Output the line that contains "#1042=EDGE_CURVE('',#1034,#1041,#1039,.T.) ;" and every line after it to the end of the entries, with nothing added or left out.

▸ **Provided material**
※
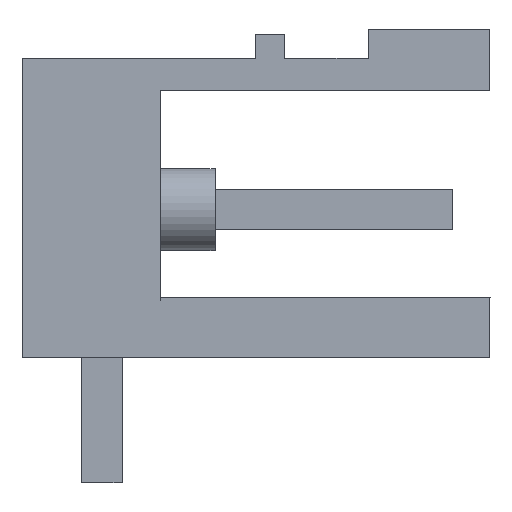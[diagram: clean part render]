
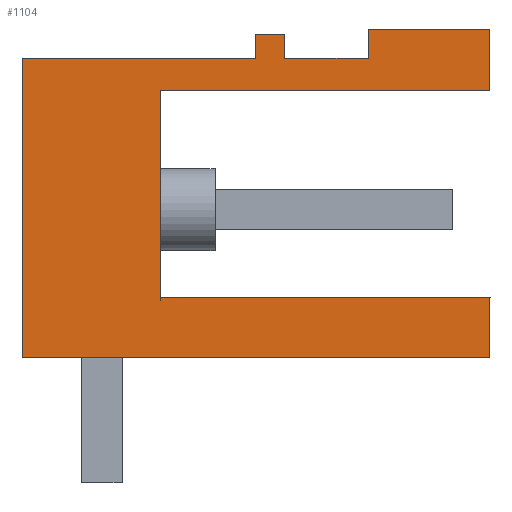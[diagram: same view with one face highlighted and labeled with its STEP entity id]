
A CAD part, left-side view. The second image highlights one B-rep face of the part: STEP entity #1104.
In plain terms, the highlighted planar face has unit normal (-1, 0, 0).
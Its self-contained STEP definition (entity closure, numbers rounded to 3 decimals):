
#1004=AXIS2_PLACEMENT_3D('Plane Axis2P3D',#1001,#1002,#1003) ;
#366=CARTESIAN_POINT('Vertex',(0.,12.,1.5)) ;
#369=CARTESIAN_POINT('Line Origine',(0.,12.,5.34)) ;
#373=CARTESIAN_POINT('Vertex',(0.,12.,9.18)) ;
#789=CARTESIAN_POINT('Vertex',(0.,0.,1.5)) ;
#792=CARTESIAN_POINT('Line Origine',(0.,6.,1.5)) ;
#1001=CARTESIAN_POINT('Axis2P3D Location',(0.,12.,0.)) ;
#1006=CARTESIAN_POINT('Line Origine',(0.,0.,9.146)) ;
#1010=CARTESIAN_POINT('Vertex',(0.,0.,8.363)) ;
#1012=CARTESIAN_POINT('Vertex',(0.,0.,9.93)) ;
#1015=CARTESIAN_POINT('Line Origine',(0.,1.56,9.93)) ;
#1019=CARTESIAN_POINT('Vertex',(0.,3.12,9.93)) ;
#1022=CARTESIAN_POINT('Line Origine',(0.,3.12,9.555)) ;
#1026=CARTESIAN_POINT('Vertex',(0.,3.12,9.18)) ;
#1029=CARTESIAN_POINT('Line Origine',(0.,4.195,9.18)) ;
#1033=CARTESIAN_POINT('Vertex',(0.,5.27,9.18)) ;
#1036=CARTESIAN_POINT('Line Origine',(0.,5.27,9.49)) ;
#1040=CARTESIAN_POINT('Vertex',(0.,5.27,9.8)) ;
#1043=CARTESIAN_POINT('Line Origine',(0.,5.645,9.8)) ;
#1047=CARTESIAN_POINT('Vertex',(0.,6.02,9.8)) ;
#1050=CARTESIAN_POINT('Line Origine',(0.,6.02,9.49)) ;
#1054=CARTESIAN_POINT('Vertex',(0.,6.02,9.18)) ;
#1057=CARTESIAN_POINT('Line Origine',(0.,9.01,9.18)) ;
#1062=CARTESIAN_POINT('Line Origine',(0.,0.,2.275)) ;
#1066=CARTESIAN_POINT('Vertex',(0.,0.,3.05)) ;
#1069=CARTESIAN_POINT('Line Origine',(0.,4.225,3.05)) ;
#1073=CARTESIAN_POINT('Vertex',(0.,8.45,3.05)) ;
#1076=CARTESIAN_POINT('Line Origine',(0.,8.45,5.707)) ;
#1080=CARTESIAN_POINT('Vertex',(0.,8.45,8.363)) ;
#1083=CARTESIAN_POINT('Line Origine',(0.,4.225,8.363)) ;
#370=DIRECTION('Vector Direction',(0.,0.,-1.)) ;
#793=DIRECTION('Vector Direction',(0.,1.,0.)) ;
#1002=DIRECTION('Axis2P3D Direction',(-1.,0.,0.)) ;
#1003=DIRECTION('Axis2P3D XDirection',(0.,-1.,0.)) ;
#1007=DIRECTION('Vector Direction',(0.,0.,-1.)) ;
#1016=DIRECTION('Vector Direction',(0.,1.,0.)) ;
#1023=DIRECTION('Vector Direction',(0.,0.,1.)) ;
#1030=DIRECTION('Vector Direction',(0.,1.,0.)) ;
#1037=DIRECTION('Vector Direction',(0.,0.,1.)) ;
#1044=DIRECTION('Vector Direction',(0.,-1.,0.)) ;
#1051=DIRECTION('Vector Direction',(0.,0.,1.)) ;
#1058=DIRECTION('Vector Direction',(0.,-1.,0.)) ;
#1063=DIRECTION('Vector Direction',(0.,0.,1.)) ;
#1070=DIRECTION('Vector Direction',(0.,1.,0.)) ;
#1077=DIRECTION('Vector Direction',(0.,0.,1.)) ;
#1084=DIRECTION('Vector Direction',(0.,1.,0.)) ;
#371=VECTOR('Line Direction',#370,1.) ;
#794=VECTOR('Line Direction',#793,1.) ;
#1008=VECTOR('Line Direction',#1007,1.) ;
#1017=VECTOR('Line Direction',#1016,1.) ;
#1024=VECTOR('Line Direction',#1023,1.) ;
#1031=VECTOR('Line Direction',#1030,1.) ;
#1038=VECTOR('Line Direction',#1037,1.) ;
#1045=VECTOR('Line Direction',#1044,1.) ;
#1052=VECTOR('Line Direction',#1051,1.) ;
#1059=VECTOR('Line Direction',#1058,1.) ;
#1064=VECTOR('Line Direction',#1063,1.) ;
#1071=VECTOR('Line Direction',#1070,1.) ;
#1078=VECTOR('Line Direction',#1077,1.) ;
#1085=VECTOR('Line Direction',#1084,1.) ;
#1089=ORIENTED_EDGE('',*,*,#1014,.T.) ;
#1090=ORIENTED_EDGE('',*,*,#1021,.T.) ;
#1091=ORIENTED_EDGE('',*,*,#1028,.T.) ;
#1092=ORIENTED_EDGE('',*,*,#1035,.T.) ;
#1093=ORIENTED_EDGE('',*,*,#1042,.T.) ;
#1094=ORIENTED_EDGE('',*,*,#1049,.T.) ;
#1095=ORIENTED_EDGE('',*,*,#1056,.T.) ;
#1096=ORIENTED_EDGE('',*,*,#1061,.F.) ;
#1097=ORIENTED_EDGE('',*,*,#375,.T.) ;
#1098=ORIENTED_EDGE('',*,*,#796,.F.) ;
#1099=ORIENTED_EDGE('',*,*,#1068,.T.) ;
#1100=ORIENTED_EDGE('',*,*,#1075,.T.) ;
#1101=ORIENTED_EDGE('',*,*,#1082,.T.) ;
#1102=ORIENTED_EDGE('',*,*,#1087,.T.) ;
#1104=ADVANCED_FACE('Housing',(#1103),#1005,.T.) ;
#375=EDGE_CURVE('',#374,#367,#372,.T.) ;
#796=EDGE_CURVE('',#790,#367,#795,.T.) ;
#1014=EDGE_CURVE('',#1011,#1013,#1009,.F.) ;
#1021=EDGE_CURVE('',#1013,#1020,#1018,.T.) ;
#1028=EDGE_CURVE('',#1020,#1027,#1025,.F.) ;
#1035=EDGE_CURVE('',#1027,#1034,#1032,.T.) ;
#1042=EDGE_CURVE('',#1034,#1041,#1039,.T.) ;
#1049=EDGE_CURVE('',#1041,#1048,#1046,.F.) ;
#1056=EDGE_CURVE('',#1048,#1055,#1053,.F.) ;
#1061=EDGE_CURVE('',#374,#1055,#1060,.T.) ;
#1068=EDGE_CURVE('',#790,#1067,#1065,.T.) ;
#1075=EDGE_CURVE('',#1067,#1074,#1072,.T.) ;
#1082=EDGE_CURVE('',#1074,#1081,#1079,.T.) ;
#1087=EDGE_CURVE('',#1081,#1011,#1086,.F.) ;
#1088=EDGE_LOOP('',(#1089,#1090,#1091,#1092,#1093,#1094,#1095,#1096,#1097,#1098,#1099,#1100,#1101,#1102)) ;
#1103=FACE_OUTER_BOUND('',#1088,.T.) ;
#372=LINE('Line',#369,#371) ;
#795=LINE('Line',#792,#794) ;
#1009=LINE('Line',#1006,#1008) ;
#1018=LINE('Line',#1015,#1017) ;
#1025=LINE('Line',#1022,#1024) ;
#1032=LINE('Line',#1029,#1031) ;
#1039=LINE('Line',#1036,#1038) ;
#1046=LINE('Line',#1043,#1045) ;
#1053=LINE('Line',#1050,#1052) ;
#1060=LINE('Line',#1057,#1059) ;
#1065=LINE('Line',#1062,#1064) ;
#1072=LINE('Line',#1069,#1071) ;
#1079=LINE('Line',#1076,#1078) ;
#1086=LINE('Line',#1083,#1085) ;
#1005=PLANE('',#1004) ;
#367=VERTEX_POINT('',#366) ;
#374=VERTEX_POINT('',#373) ;
#790=VERTEX_POINT('',#789) ;
#1011=VERTEX_POINT('',#1010) ;
#1013=VERTEX_POINT('',#1012) ;
#1020=VERTEX_POINT('',#1019) ;
#1027=VERTEX_POINT('',#1026) ;
#1034=VERTEX_POINT('',#1033) ;
#1041=VERTEX_POINT('',#1040) ;
#1048=VERTEX_POINT('',#1047) ;
#1055=VERTEX_POINT('',#1054) ;
#1067=VERTEX_POINT('',#1066) ;
#1074=VERTEX_POINT('',#1073) ;
#1081=VERTEX_POINT('',#1080) ;
※
▸ **Finished exercise**
#1042=EDGE_CURVE('',#1034,#1041,#1039,.T.) ;
#1049=EDGE_CURVE('',#1041,#1048,#1046,.F.) ;
#1056=EDGE_CURVE('',#1048,#1055,#1053,.F.) ;
#1061=EDGE_CURVE('',#374,#1055,#1060,.T.) ;
#1068=EDGE_CURVE('',#790,#1067,#1065,.T.) ;
#1075=EDGE_CURVE('',#1067,#1074,#1072,.T.) ;
#1082=EDGE_CURVE('',#1074,#1081,#1079,.T.) ;
#1087=EDGE_CURVE('',#1081,#1011,#1086,.F.) ;
#1088=EDGE_LOOP('',(#1089,#1090,#1091,#1092,#1093,#1094,#1095,#1096,#1097,#1098,#1099,#1100,#1101,#1102)) ;
#1103=FACE_OUTER_BOUND('',#1088,.T.) ;
#372=LINE('Line',#369,#371) ;
#795=LINE('Line',#792,#794) ;
#1009=LINE('Line',#1006,#1008) ;
#1018=LINE('Line',#1015,#1017) ;
#1025=LINE('Line',#1022,#1024) ;
#1032=LINE('Line',#1029,#1031) ;
#1039=LINE('Line',#1036,#1038) ;
#1046=LINE('Line',#1043,#1045) ;
#1053=LINE('Line',#1050,#1052) ;
#1060=LINE('Line',#1057,#1059) ;
#1065=LINE('Line',#1062,#1064) ;
#1072=LINE('Line',#1069,#1071) ;
#1079=LINE('Line',#1076,#1078) ;
#1086=LINE('Line',#1083,#1085) ;
#1005=PLANE('',#1004) ;
#367=VERTEX_POINT('',#366) ;
#374=VERTEX_POINT('',#373) ;
#790=VERTEX_POINT('',#789) ;
#1011=VERTEX_POINT('',#1010) ;
#1013=VERTEX_POINT('',#1012) ;
#1020=VERTEX_POINT('',#1019) ;
#1027=VERTEX_POINT('',#1026) ;
#1034=VERTEX_POINT('',#1033) ;
#1041=VERTEX_POINT('',#1040) ;
#1048=VERTEX_POINT('',#1047) ;
#1055=VERTEX_POINT('',#1054) ;
#1067=VERTEX_POINT('',#1066) ;
#1074=VERTEX_POINT('',#1073) ;
#1081=VERTEX_POINT('',#1080) ;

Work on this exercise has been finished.